__What this task involves__.
Among the records below, find the lines with the word "fundus" and copy them.
· · ·
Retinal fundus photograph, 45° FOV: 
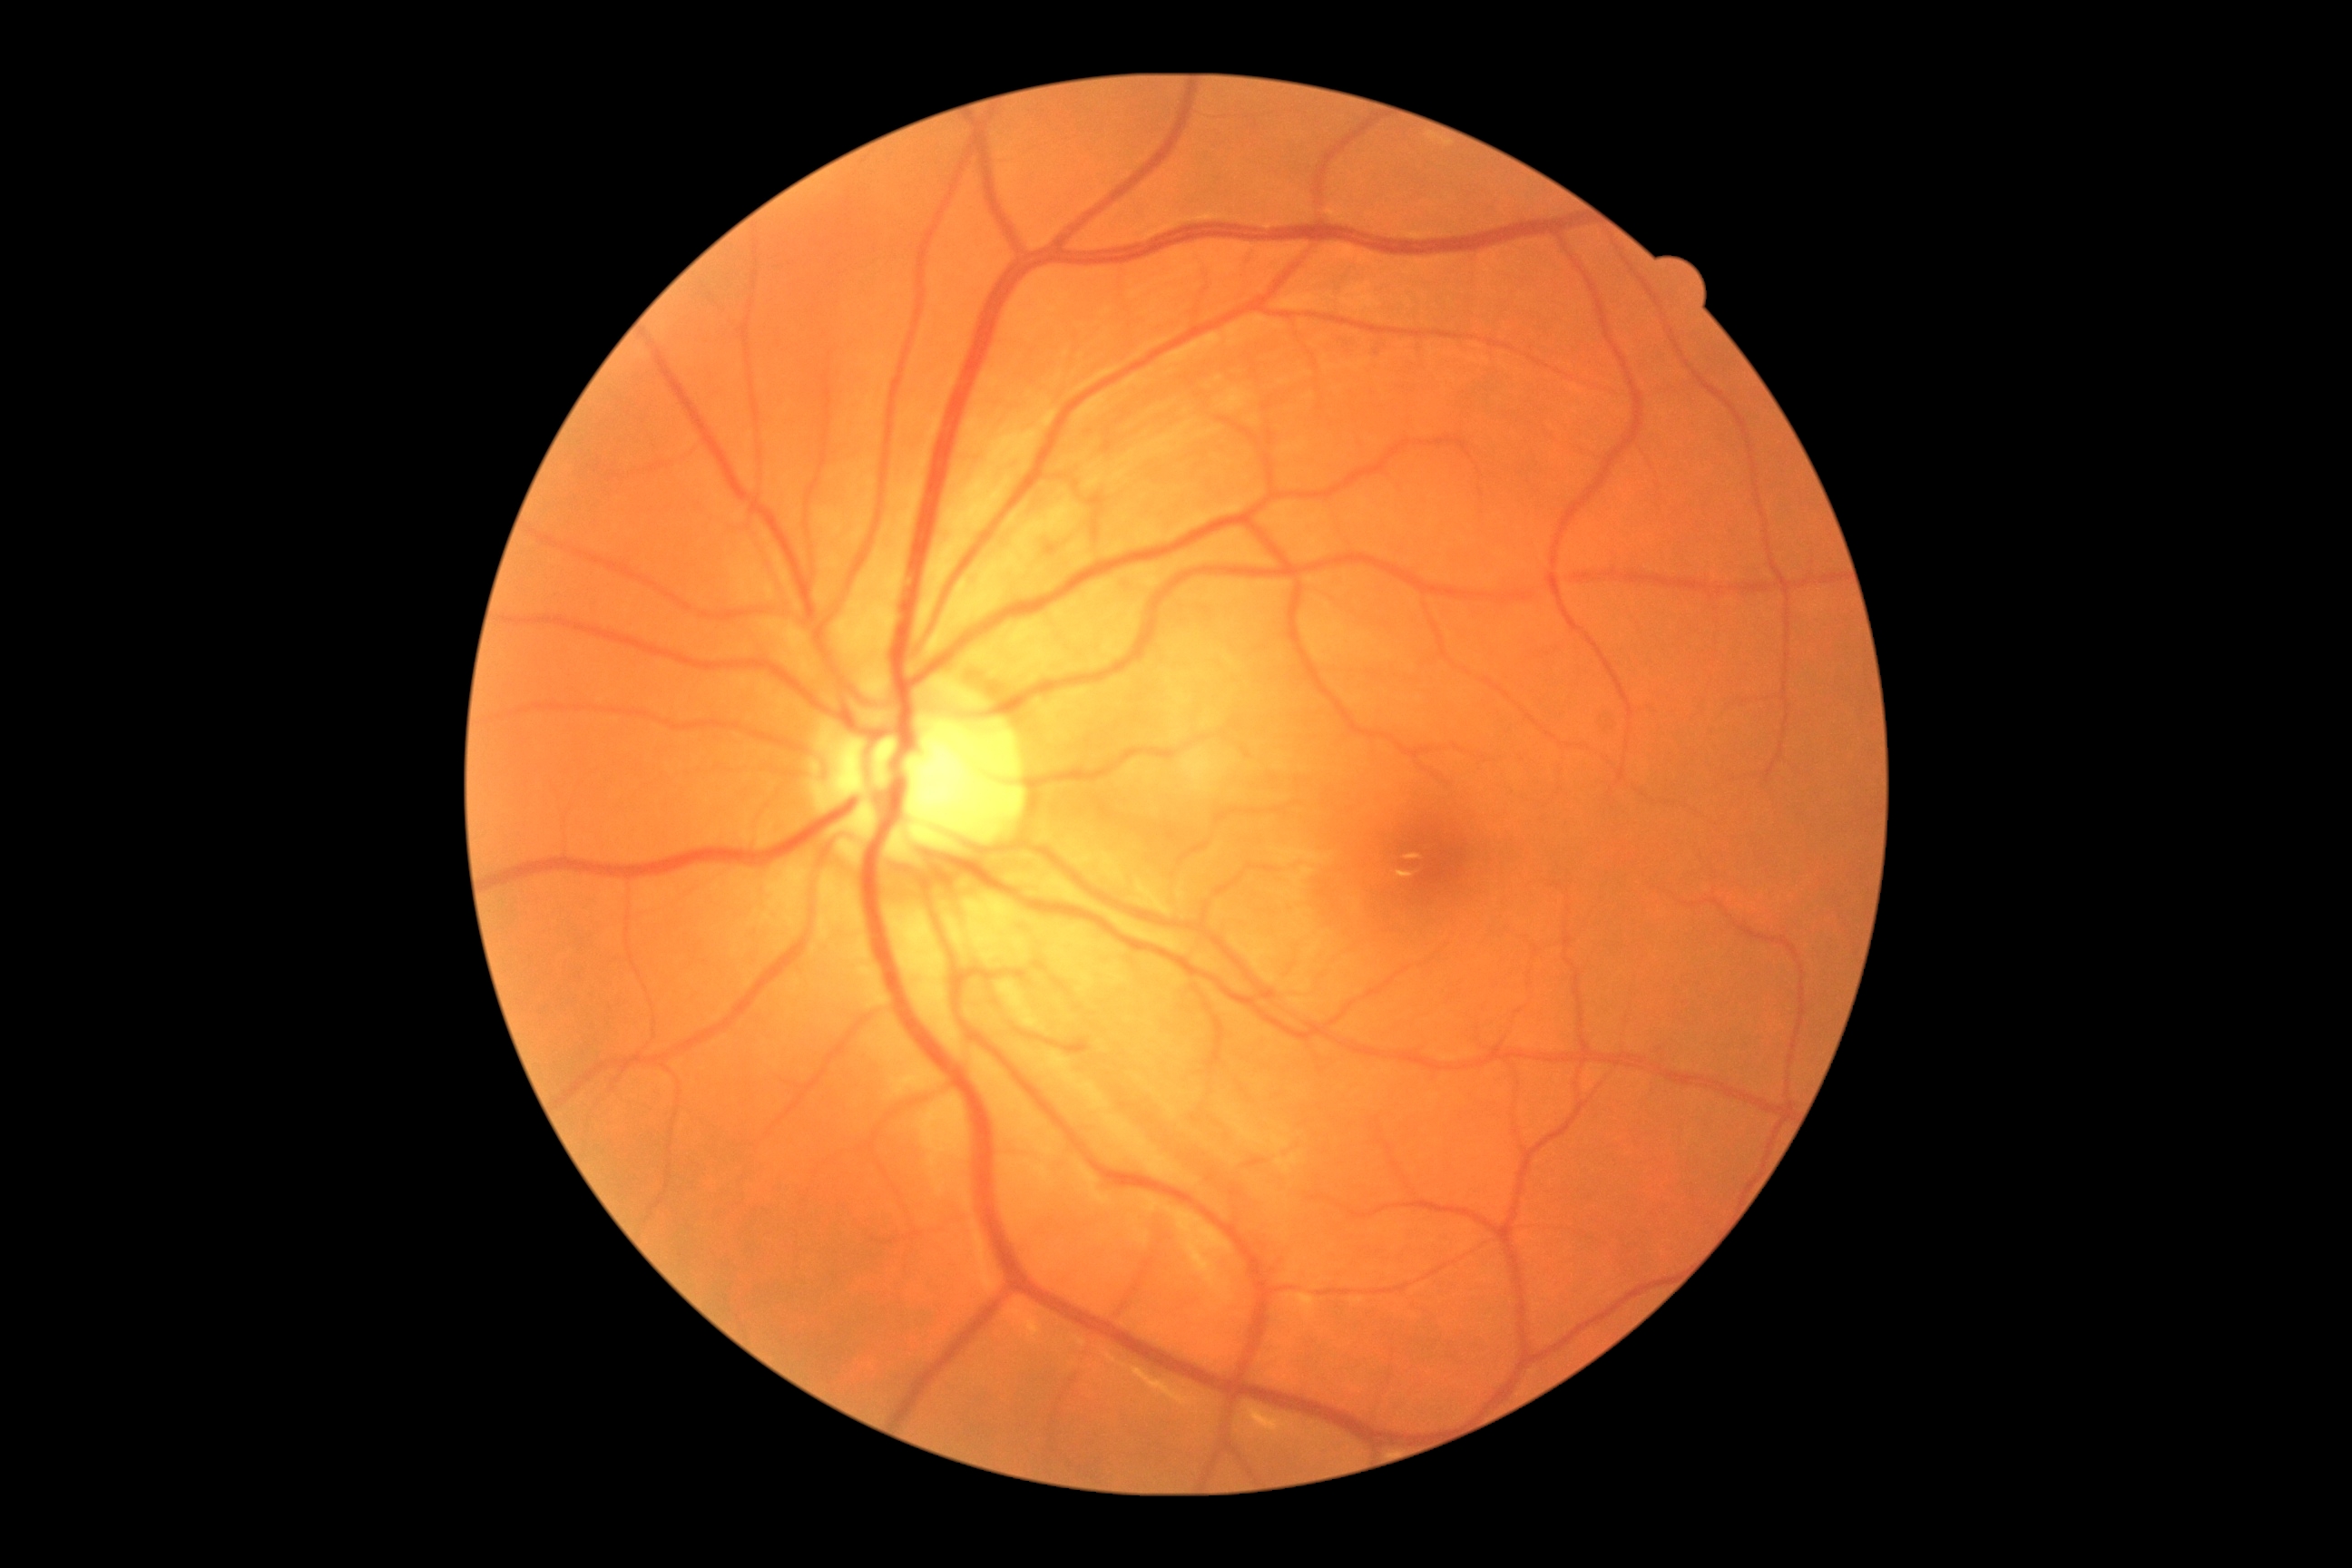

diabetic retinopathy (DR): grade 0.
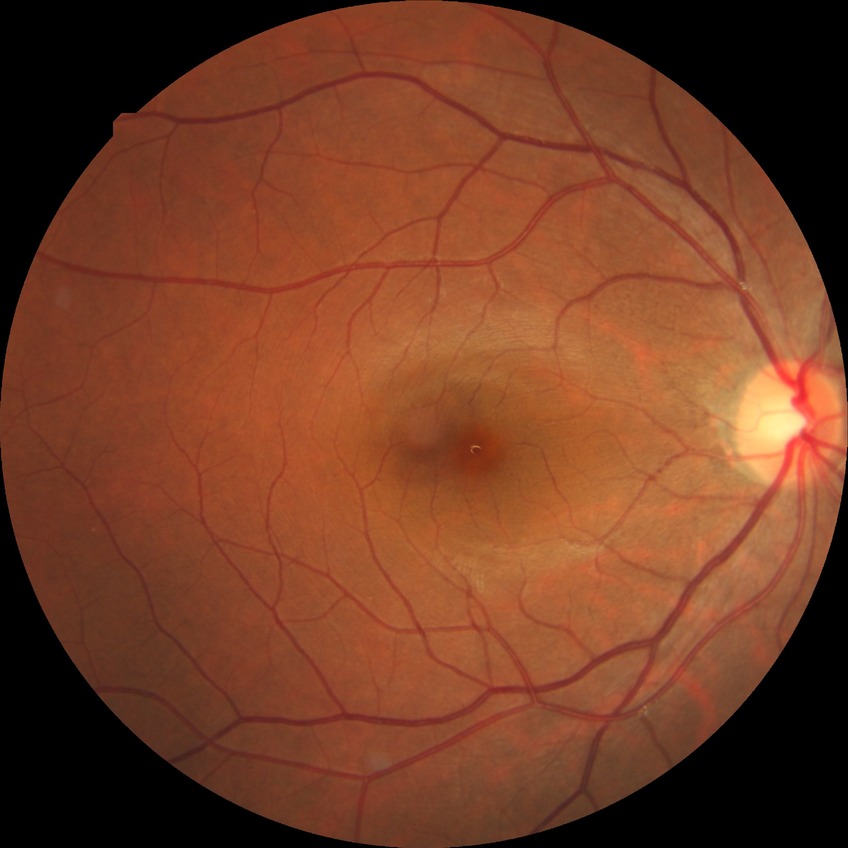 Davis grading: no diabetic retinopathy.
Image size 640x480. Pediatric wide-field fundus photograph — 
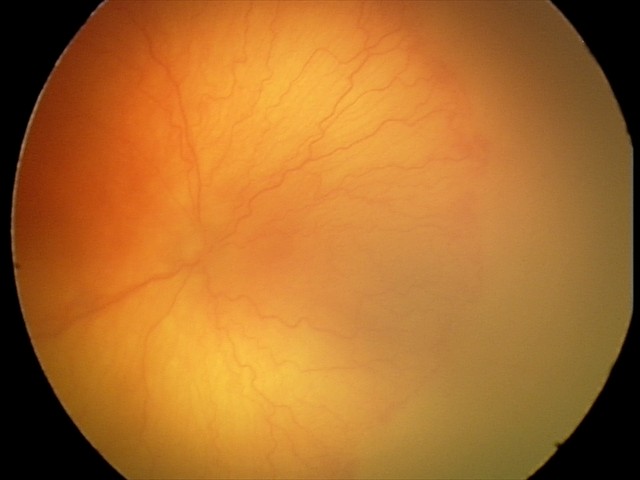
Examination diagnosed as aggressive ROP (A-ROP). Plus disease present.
· · ·
__Answer section__.
Retinal fundus photograph, 45° FOV: 
Image size 640x480. Pediatric wide-field fundus photograph — 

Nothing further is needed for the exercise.